It’s valued at over 2 billion USD, has more users than the population of the US and UK combined, and is the fourth most popular app in China. But if you’ve never heard of the live-streaming app Kuaishou (快手, literally “Fast Hand”), you’re not alone.

On Kuaishou (or Kwai, as the English version is called), the stars are rural nobodies and their acts are worlds apart from the attractive urbanites paid to document branded lifestyles on mainstream apps like UpLive, YY, and Six Rooms, or celebrity app Huajiao. On Kuaishou, instead, there’s the 46-year-old woman who made a living eating everything from light bulbs to bugs and cacti; the heavily obese nine-year-old whose mother filmed him swigging from a beer bottle, carrying a lit cigarette; the 15-year-old proudly displaying her baby bump.

It is characters like these that have earned Kuaishou an unenviable reputation of being coarse and exploitative, an image that its CEO, Su Hua, takes issue with. “In most cases the videos are simple depictions of joyful moments in everyday situations,” Su told the Chinese site TechNode last June.

Kuaishou’s fanbase is the 674 million-strong, lower-middle and working classes from parts of the country rarely depicted on mainstream TV or cinema screens—rural, undeveloped, mostly impoverished. They are the people who deliver your takeouts, serve your meals, manicure your nails and put together your iPhones. And what they sometimes lack in means or sophistication, they often make up for in enthusiasm, humor, innovation, and authenticity.

To many of them, Kuaishou is a celebration of “real China,” as well as a rare, sometimes lucrative opportunity to grab some limelight.

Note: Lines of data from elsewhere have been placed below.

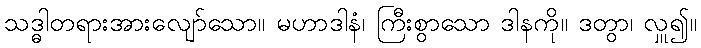
သဒ္ဓါတရားအားလျော်သော။ မဟာဒါနံ၊ ကြီးစွာသော ဒါနကို။ ဒတွာ၊ လှူ၍။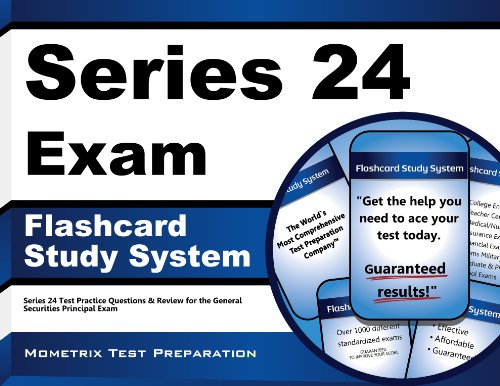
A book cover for Series 24 Exam Flashcard Study System: Series 24 Test Practice Questions & Review for the General Securities Principal Exam (Cards); Series 24 Exam Secrets Test Prep Team; Test Preparation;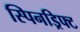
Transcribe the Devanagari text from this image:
स्पिनड्रिफ्ट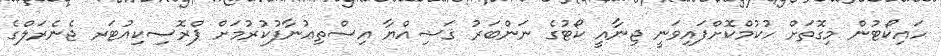
ހައިކޯޓުން މިގޮތަށް ހުކުމްކޮށްފައިވަނީ ޖިނާއީ ކޯޓުގެ ނަންބަރު ޤަޟިއްޔާ އިސްތިޢުނާފުކުރުމަށް ޕްރޮސިކިއުޓަރ ޖެނެރަލްގެ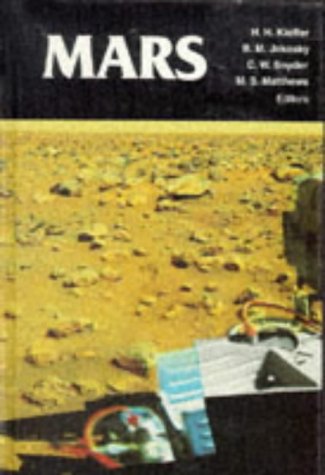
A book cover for Mars (Space Science Series); Science & Math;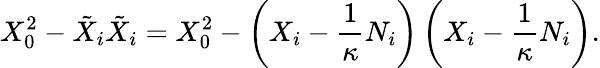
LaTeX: X_{0}^{2}-\tilde{X}_{i}\tilde{X}_{i}=X_{0}^{2}-\left(X_{i}-\frac 1\kappa N_{i}\right)\left(X_{i}-\frac 1\kappa N_{i}\right).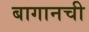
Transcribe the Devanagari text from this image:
बागानची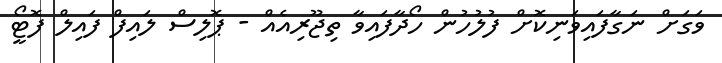
ވަގަށް ނަގާފައިވަނިކޮށް ފުލުހުން ހޯދާފައިވާ ތިޖޫރިއެއް - ޕޮލިސް ލައިފް ފައިލް ފޮޓޯީ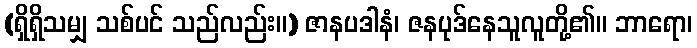
(ရှိရှိသမျှ သစ်ပင် သည်လည်း။) ဇာနပဒါနံ၊ ဇနပုဒ်နေသူလူတို့၏။ ဘာရော၊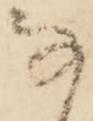
な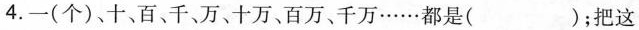
4.一(个)、十、百、千、万、十万、百万、千万……都是( )；把这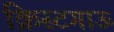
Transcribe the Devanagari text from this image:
क्रिस्टगाऊ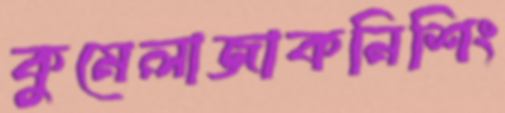
কুমেলাজাকনিশিং
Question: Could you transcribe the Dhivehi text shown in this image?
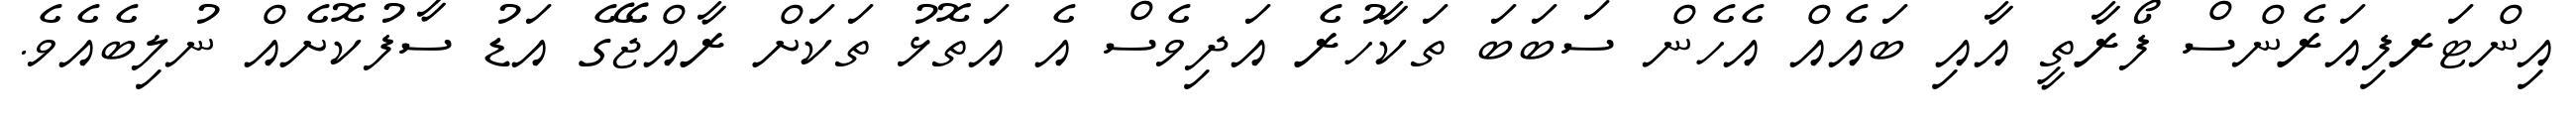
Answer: އިންޓަރފިއަރެންސް ފޯރާތީ އާއި ބައެއް އެހެން ސަބަބަ ތަކާހުރެ އަދިވެސް އެ އަތޮޅު ތަކަށް ރާއްޖޭގެ އަޑު ސާފުކޮށެއް ނުލިބެއެވެ.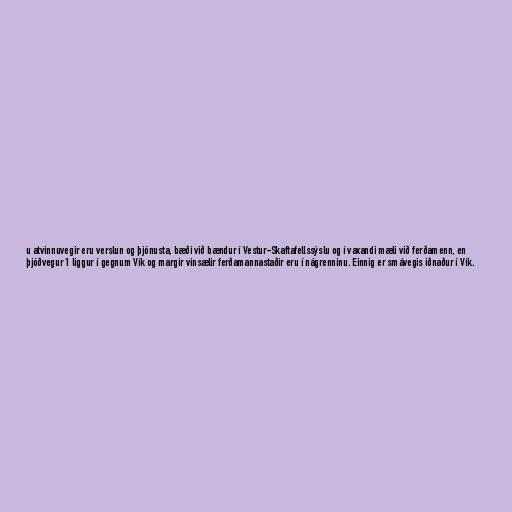
u atvinnuvegir eru verslun og þjónusta, bæði við bændur í Vestur-Skaftafellssýslu og í vaxandi mæli við ferðamenn, en
þjóðvegur 1 liggur í gegnum Vík og margir vinsælir ferðamannastaðir eru í nágrenninu. Einnig er smávegis iðnaður í Vík.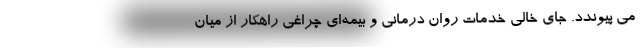
می پیوندد. جای خالی خدمات روان درمانی و بیمه‌ای چراغی راهکارِ از میان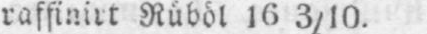
raffinirt Rüböl 16 3/10.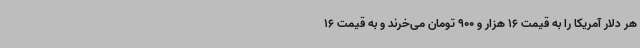
هر دلار آمریکا را به قیمت 16 هزار و 900 تومان می‌خرند و به قیمت 16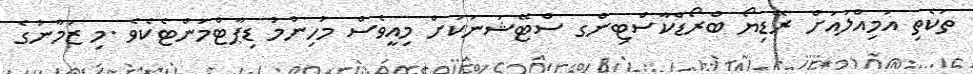
ތަކެތި އަމިއްލައަށް ރޭޑިޔޯ ބްރޯޑްކާސްޓިންގ ސްޓޭޝަނަކަށް މިއީވެސް މުހިންމު ޑިޕާޓްމަންޓެކެވެ .މި ޒަމާނުގެ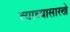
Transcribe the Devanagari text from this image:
त्याच्यासारखे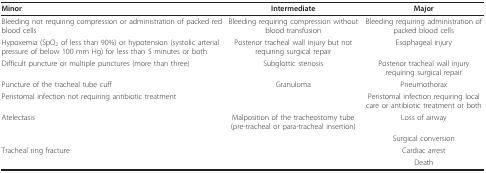
| Minor | Intermediate | Major |
 | --- | --- | --- |
 | Bleeding not requiring compression or administration of packed red blood cells | Bleeding requiring compression without blood transfusion | Bleeding requiring administration of packed blood cells |
 | Hypoxemia (SpO2 of less than 90%) or hypotension (systolic arterial pressure of below 100 mm Hg) for less than 5 minutes or both | Posterior tracheal wall injury but not requiring surgical repair | Esophageal injury |
 | Difficult puncture or multiple punctures (more than three) | Subglottic stenosis | Posterior tracheal wall injury requiring surgical repair |
 | Puncture of the tracheal tube cuff | Granuloma | Pneumothorax |
 | Peristomal infection not requiring antibiotic treatment |  | Peristomal infection requiring local care or antibiotic treatment or both |
 | Atelectasis | Malposition of the tracheostomy tube (pre-tracheal or para-tracheal insertion) | Loss of airway |
 |  |  | Surgical conversion |
 | Tracheal ring fracture |  | Cardiac arrest |
 |  |  | Death |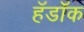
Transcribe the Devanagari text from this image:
हॅडॉक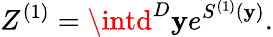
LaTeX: Z^{(1)}=\intd^{D}\mathbf{y}e^{S^{(1)}(\mathbf{y})}.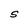
Character: S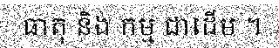
ធាតុ និង កម្ម ជាដើម ។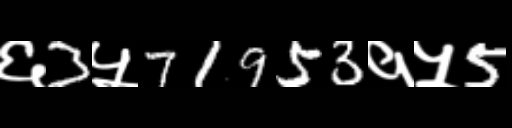
Text: ६3५71953१५5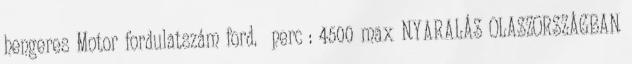
hengeres Motor fordulatszám ford. perc : 4500 max NYARALÁS OLASZORSZÁGBAN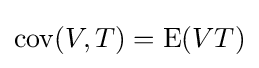
\operatorname {cov} (V,T)=\operatorname {E} (VT)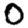
Digit: 0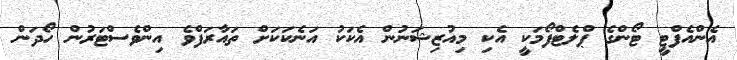
އެންއެފްޓީ ޓޯންގެ ޕްލެޓްފޯމަކީ އެކި މިއުޒިޝަނުން އެކަކު އަނެކަކަށް ތައާރަފްވެ އިންވެސްޓަރުން ހޯދަން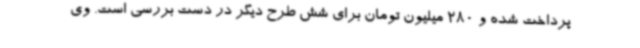
پرداخت شده و 280 میلیون تومان برای شش طرح دیگر در دست بررسی است. وی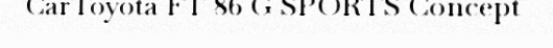
CarToyota FT-86 G SPORTS Concept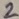
Text: 2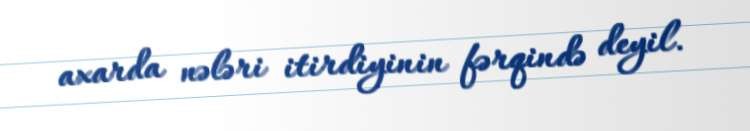
axarda nələri itirdiyinin fərqində deyil.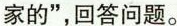
家的”，回答问题。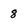
Character: 8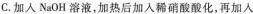
C.加入NaOH溶液，加热后加入稀硝酸酸化，再加入

Attention seekers perform outlandish stunts for clicks and cash, such as lighting firecrackers on foreheads (or under groins), quaffing down bottles of high-strength baijiu or, in the case of one foolhardy foodie in Sichuan, downing a full glass of super-spicy chili oil (he ended up in hospital with severe tonsillitis and a stomach abscess for his troubles).

In his studio, producer Dai Rui still performs shows for old time’s sake and to keep his fans happy

For less extroverted types, Kuaishou offers a chance to showcase real talent on a platform they can not only control, but directly profit from (fans show their appreciation by donating virtual gifts such as beer, flowers, and fancy cars; these can be converted to real currency, with the proceeds split equally between the recipient and the platform). There are decent earners like Qi Zhi’ang from Liaoning province, who posts videos playing guitar while his mother sings; the 17-year-old easily makes around 20,000 RMB a month from his 65 million paying fans. Or more modest moneymakers like Tangshan taxi driver Zhao Xinlong, who moonlights as Zhao Long’er, nighttime raconteur, cracking ribald jokes to around 100,000 viewers who, together with advertisements for health products and Vietnamese “gold,” make him a much-needed extra 6,000 RMB a month, according to The Economist.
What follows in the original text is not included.